Authored by: Jessica Proudfoot and Riley Brennan (articled student)

The Government of British Columbia has passed legislative amendments which will enable First Nations, for the first time ever, to register their off-reserve interests at the provincial Land Title Office (the “LTO”) in their own name. The Land Title and Property Law Amendment Act, 2024[1], comes into force on May 21, 2024.

In BC, all ownership of, and interests in, private land must be registered at the LTO to be enforceable.[2] To register an interest in land with the LTO, parties (e.g., corporations) must fall within the definition of legal “persons” who can be registered owners under the Land Title Act and the Property Law Act.[3] However, the legal capacity of First Nation governments has remained an uncertainty for decades because a “band” is not a “person” as defined for the purposes of certain legislation.[4] The only legal definition of the term “band” is laid out in subsection 2(1) of the Indian Act where a band is defined as a “body of Indians” and is not granted the full powers of a legal personhood.[5]

As a result, most BC First Nations have been unable to register and hold interests in real property in their own name (subject to isolated exceptions through treaties[6] or specific federal legislation). Instead First Nations have had to clear administrative hurdles, like setting up corporations, societies, bare trusts, etc. to buy and hold their fee simple (or leasehold) land interests. This adds unnecessary cost to the transaction and ongoing administrative complexities.

In a long-overdue effort to remove these barriers, the amendments:

  • define “First Nation” in both the Land Title Act and Property Law Act;
  • confirm that First Nations have the power and capacity of a natural person to acquire, hold, and dispose of land in BC;
  • confirm that an individual who is responsible for or in control of a First Nation is still liable for acts of the First Nation that are beyond the powers of the First Nation; and
  • confirm the administrative requirements that apply to First Nations registering their interests at the LTO.[7]

Current arrangements used by First Nations are still an option but are no longer a requirement. First Nations will now have a choice on how to register their land, a choice that is long overdue.

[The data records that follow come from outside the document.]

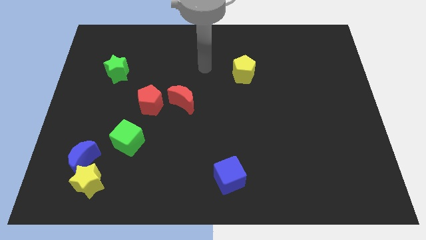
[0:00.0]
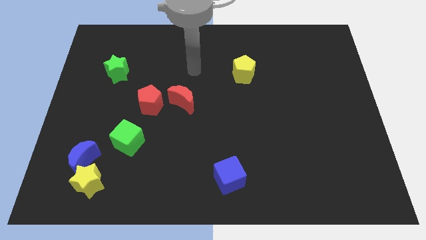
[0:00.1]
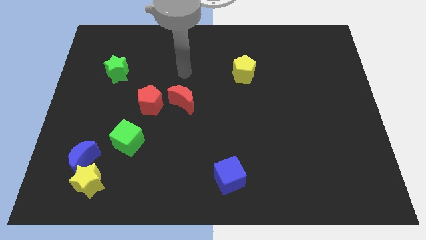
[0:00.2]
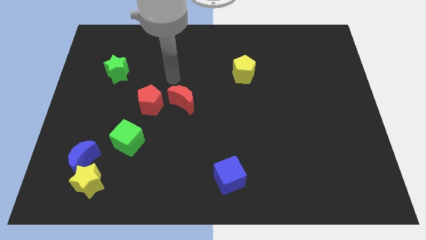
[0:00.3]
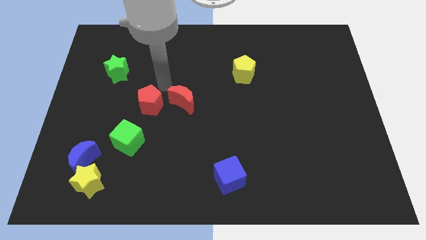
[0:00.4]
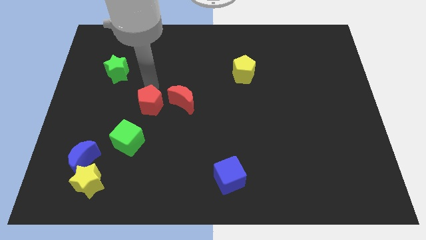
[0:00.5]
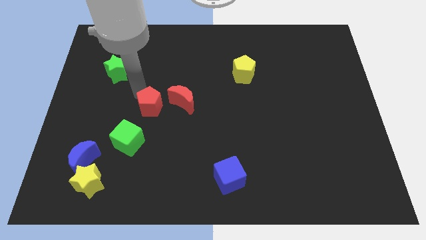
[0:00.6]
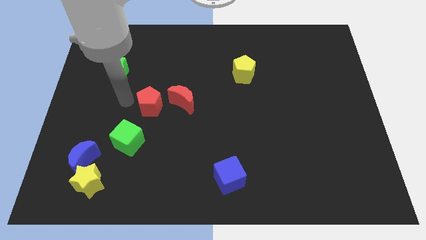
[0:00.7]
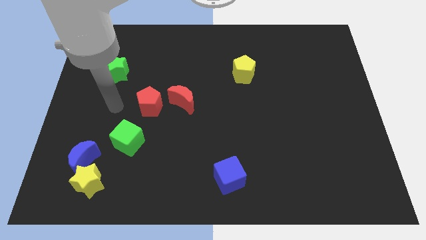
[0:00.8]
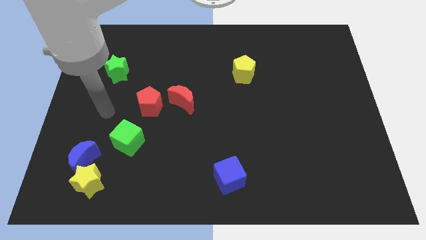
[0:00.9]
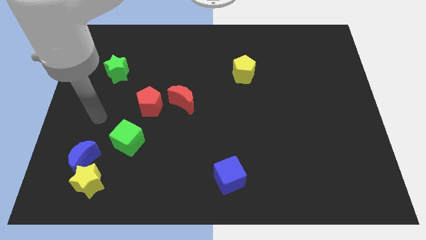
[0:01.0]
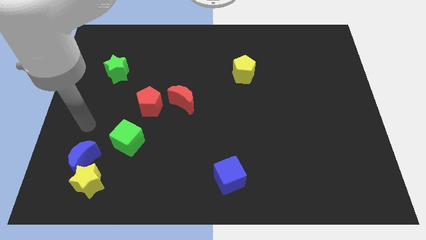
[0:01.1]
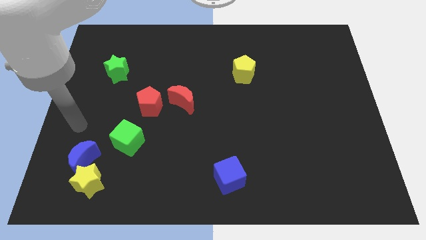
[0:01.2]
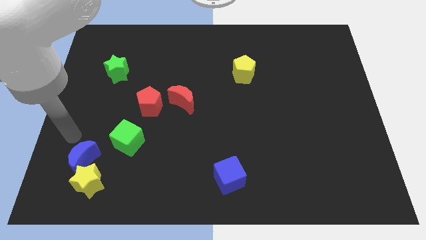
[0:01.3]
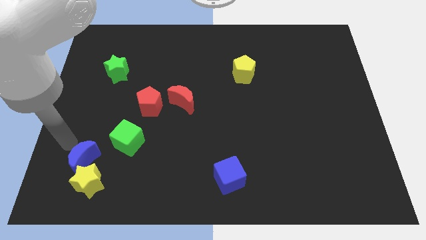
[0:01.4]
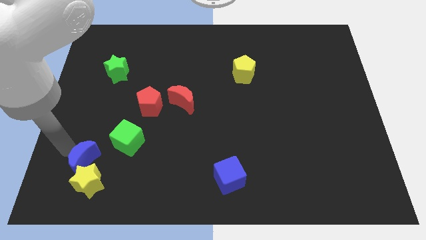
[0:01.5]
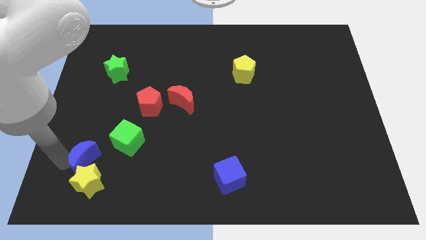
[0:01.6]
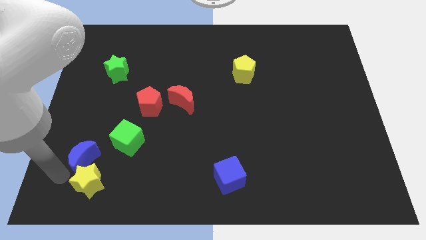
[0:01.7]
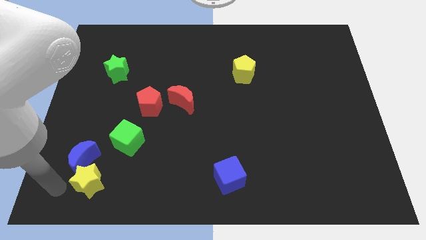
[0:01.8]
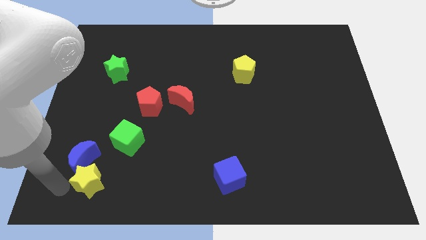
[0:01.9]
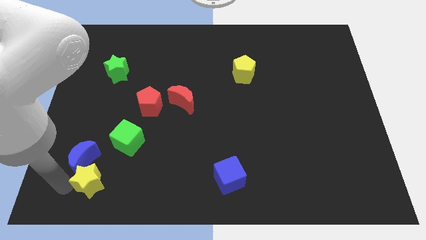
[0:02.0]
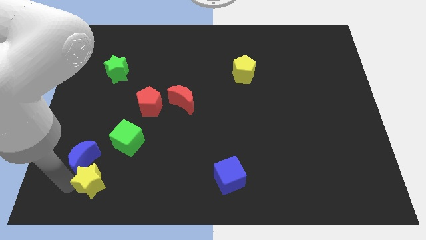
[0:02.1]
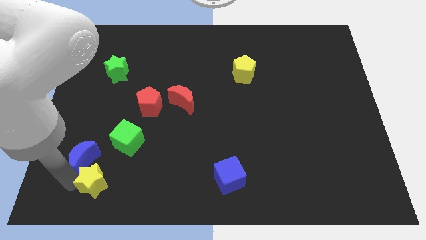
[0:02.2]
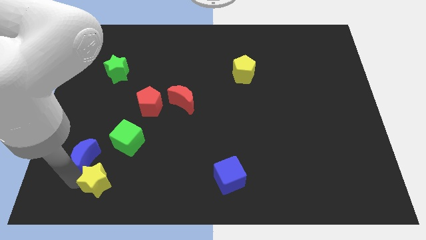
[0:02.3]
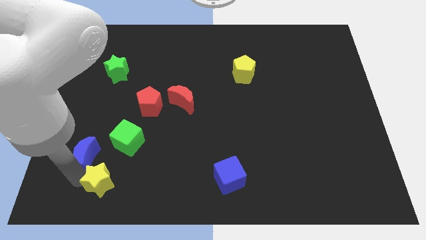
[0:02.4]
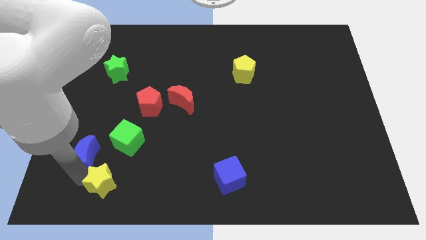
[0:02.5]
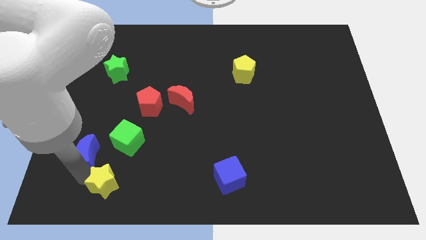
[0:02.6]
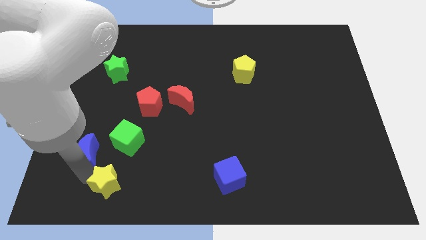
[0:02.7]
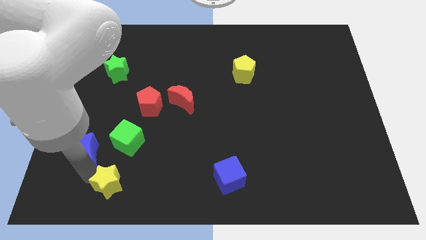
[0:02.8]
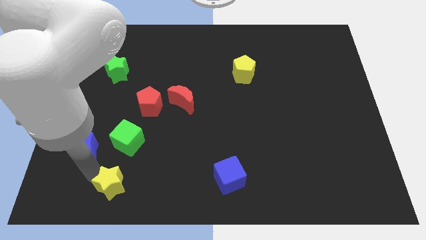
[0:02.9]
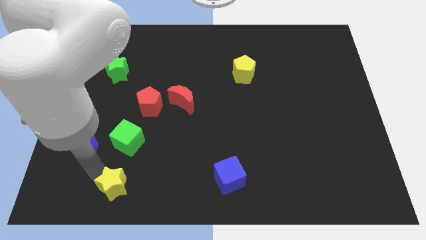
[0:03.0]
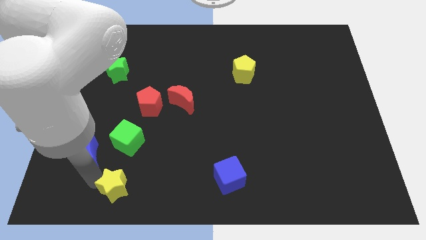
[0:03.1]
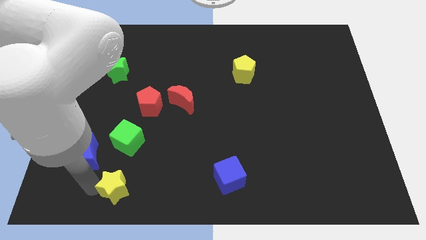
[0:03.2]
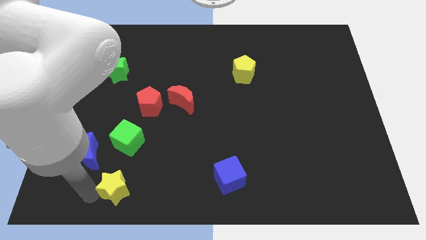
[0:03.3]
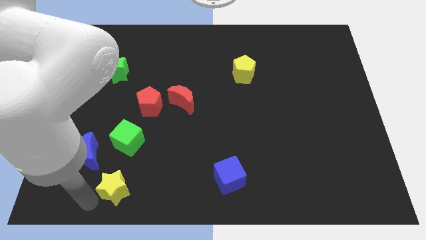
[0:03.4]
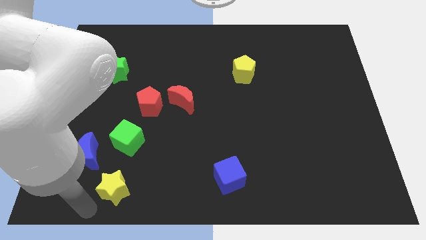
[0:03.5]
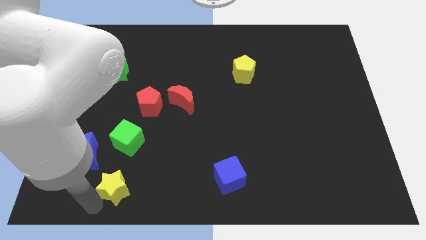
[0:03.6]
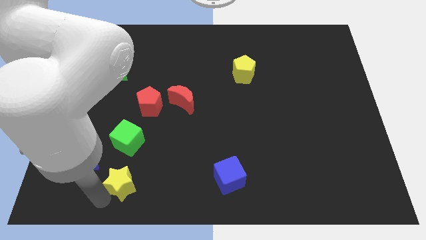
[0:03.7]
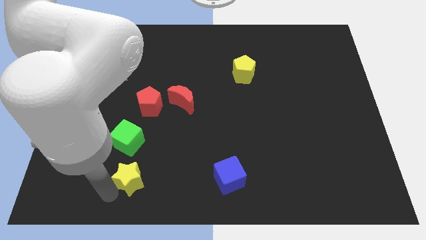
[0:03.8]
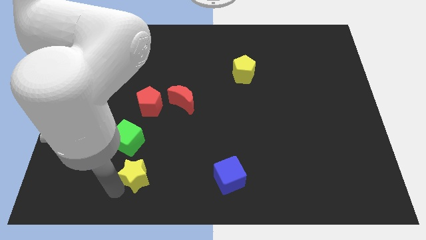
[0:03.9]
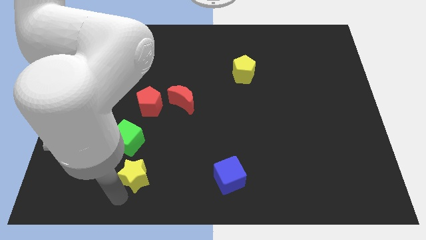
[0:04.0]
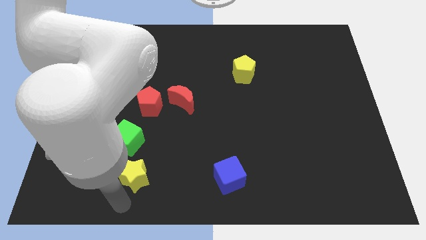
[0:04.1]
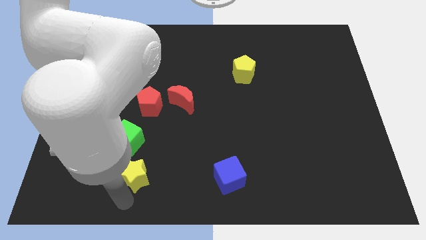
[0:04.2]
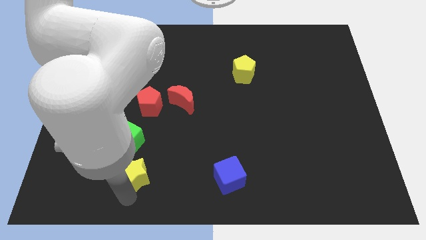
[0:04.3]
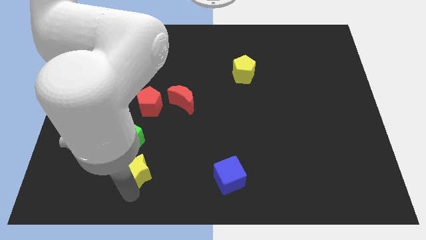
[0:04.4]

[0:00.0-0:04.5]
slightly move the yellow star diagonally upwards and right

BC has said that the amendments are intended to support the Province’s commitments to reconciliation by:

  • advancing the Declaration Act Action Plan commitment 4.25 (Work with Indigenous Peoples to build more on and off-reserve housing and pursue new federal contributions);
  • supporting the Truth and Reconciliation Commission Call to Action No. 45, which calls upon the federal government to reconcile Aboriginal and Crown constitutional and legal orders to ensure Aboriginal people are full partners in confederation; and
  • supporting the implementation of the United Nations Declaration on the Rights of Indigenous Peoples, including Articles 3, 4, 5, 18 and 26 (2).[8]

For more information, check out BC’s March 2024 “What We Heard” report, which reflects the feedback the government received from their consultations with First Nations, Modern Treaty Nations, the federal government, local governments, and industry and business organizations, during the development of the legislative amendments.

Key Takeaways

Effective May 21, 2024, First Nations can acquire and register their fee simple (and leasehold) land interests at the LTO without having to set up corporations, societies, bare trusts, etc. to do so.

First Nations who presently hold land in trust, or through societies, corporations etc., may elect to:

  • continue to hold the land as-is, or
  • transfer the land to the First Nation.

If you have questions about the Land Title and Property Law Amendment Act or if you considering transitioning the way your First Nation holds land, we can help.

[1] Bill 13, Land Title and Property Law Amendment Act, 5th Sess, 42nd Parl, 2024, (assented to 25 April 2024).

[2] See e.g. Land Title Act, RSBC 1996, c 250 at ss 20, 23 and 25.

[3] Land Title Act, supra note 2 at ss 1, 23; Interpretation Act, [RSBC 1996], c 238 at s 29 (“person” includes a corporation, partnership or party, and the personal or other legal representatives of a person to whom the context can apply according to law).

[4] West Moberley First Nations v British Columbia, 2007 BCSC 1324 at para 54-55.

[5] Indian Act, RSC,1985, c 1-5.

[6] See e.g., Nisga’a Final Agreement, 27 April 1999, online: Government of British Columbia <www2.gov.bc.ca/assets/gov/environment/natural-resource-stewardship/consulting-with-first-nations/agreements/nisga_final_agreement_pdf.pdf> (federal and BC governments acknowledged that the Nisga’a Nation has fee simple ownership over its traditional territory).

[7] Bill 13, supra note 1 at s 1-2.

[8] British Columbia, “New legislation will eliminate discriminatory barriers for First Nations” (2 April 2024), online: <news.gov.bc.ca/releases/2024IRR0013-000460>.